Records from a data source:

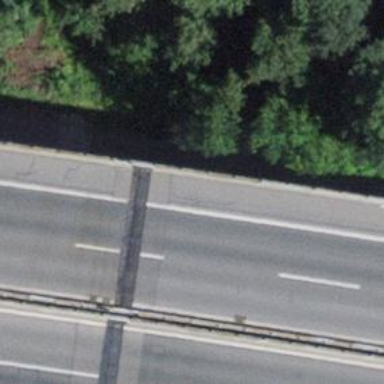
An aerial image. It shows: Viaduct bridge over motorway.
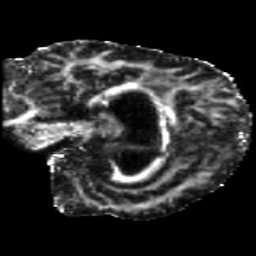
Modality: FA
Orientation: sagittal
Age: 52
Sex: male
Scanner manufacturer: siemens
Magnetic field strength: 3 T
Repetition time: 5.25 s
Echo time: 0.08 s
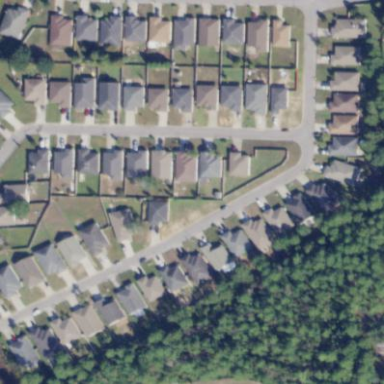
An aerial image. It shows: Residential area consisting of single-family homes.
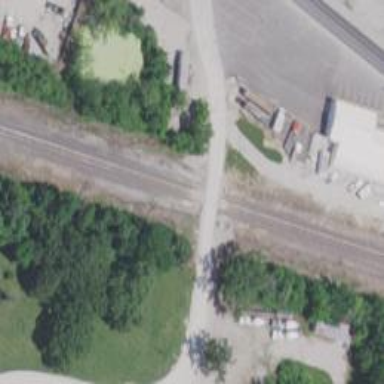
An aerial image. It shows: Level crossing along the railway.
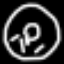
Label: donut

TASK GOAL
A faithful, complete copy of the records above is required, one that contains no pictures.

RESPONSE FOR THIS EXERCISE
An aerial image. It shows: Viaduct bridge over motorway.
Modality: FA
Orientation: sagittal
Age: 52
Sex: male
Scanner manufacturer: siemens
Magnetic field strength: 3 T
Repetition time: 5.25 s
Echo time: 0.08 s
An aerial image. It shows: Residential area consisting of single-family homes.
An aerial image. It shows: Level crossing along the railway.
Label: donut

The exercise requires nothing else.